In other words, the current advertising model won’t continue to support so-called accountability journalism.
“Some of the advertising is going to come back as the economy does, but I think we all know that much of what has taken place is secular and not cyclical,” Downie said in a phone call on Friday. “And the Internet philosophers who suggest that individuals posting on the Web are going to replace what newsrooms have been doing are not being realistic. We have to find new ways to maintain professional news-gathering capacity.”
Clocking in at just under 100 pages, the report probably isn’t going to get looked at much beyond people in this racket, but it’s a worthy read, in part because it dwells less on the glory days and meets current realities head-on. The number of newspaper editorial employees grew from 40,000 in 1971 to 60,000 in 1992 and is now driving back to 40,000 this year, with no real bottom in sight.
Downie and Schudson came up with six recommendations, which include tinkering with the tax structure to accommodate nonprofit status for news-gathering organizations, persuading philanthropic foundations to fill the funding gap in more permanent ways, involving universities in news gathering and opening up databases to make them more useful for both pro and pro-am efforts.
Two of the recommendations caught my eye, both of which will create significant turbulence if they gain traction in the discussion.
First, the pair suggests reorienting public radio and television to provide local news, historically not a big interest of public broadcasters. The report says somewhat tartly that much of the money from the Corporation for Public Broadcasting (CPB) is spent on broadcast facilities and television production companies, with “very little money spent on local news coverage by individual public radio and television stations.”
It goes on to suggest that the CPB should step in to consolidate competing fiefs and begin to require a minimum amount of local news reporting in return for funds.
“The money is there, but a lot of it gets sunk into facilities and programming to drive membership, and it needs to be reallocated to reflect the need for local coverage,” Downie said. “And it has to be mandated because this is a time of crisis and we can’t just depend on good intentions.”
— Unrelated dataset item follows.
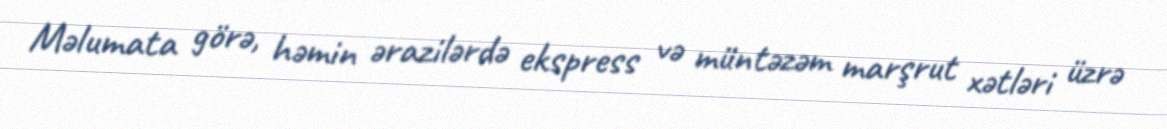
Məlumata görə, həmin ərazilərdə ekspress və müntəzəm marşrut xətləri üzrə

The other recommendation that will kick up some dust proclaims that it’s time for government to start funding local news, much in the way it enables the arts, humanities and sciences.
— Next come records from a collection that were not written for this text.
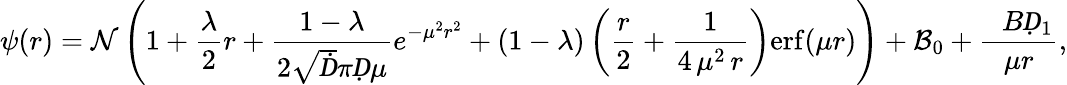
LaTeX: \psi(r)=\mathcal{N}\left(1+\frac{\lambda}{2}r+\frac{1-\lambda}{2\sqrt Ḋ\pi Ḍ\mu}e^{-\mu^{2}r^{2}}+(1-\lambda)\left(\frac{r}{2}+\frac{1}{4\, \mu^{2}\, r}\right)\mathrm{erf}(\mu r)\right)+\mathcal{B}_{0}+\frac{\mathcal ḊBḌ_{1}}{\mu r},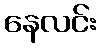
နေလင်း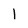
Character: 1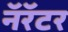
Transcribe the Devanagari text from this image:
नॅरॅटर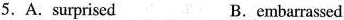
5. A.Surpised B, embarassed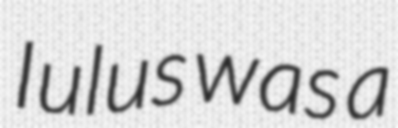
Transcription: Iulus was a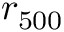
r _ { 5 0 0 }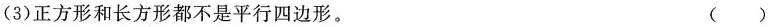
(3)正方形和长方形都不是平行四边形。 ()

The Federal Communications Commission spends US$7 billion a year collected from telephone bills to underwrite telecommunications services in remote areas and help schools and libraries get wired. The report suggests that some of that money, along with fees paid for broadcast licenses or auctions of bandwidth, should go into a Fund for Local News.
Google CEO Eric Schmidt recently talked a lot about the importance of the plan for universal broadband in the US, but The Reconstruction of American Journalism goes beyond building infrastructure, suggesting it’s time to start funding what goes into those pipes. Downie said that it can be done with safeguards to ensure that the government doesn’t become the yard boss of what constitutes worthy news.
“We are just suggesting that certain kinds of reporting are a public good and should be funded as such,” Downie said. “There are plenty of precedents, and I don’t think that government support necessarily means government control.”
So there you have it. All we have to do is get the government to open the kimono on databases, foundations to rethink their priorities, universities to become newsrooms, rewrite the federal tax code, get public broadcasting overlords to think local and commercial broadcasters to kick in money for the public good, and we will have a dependable news infrastructure for a new, more complicated age. If only it were so simple.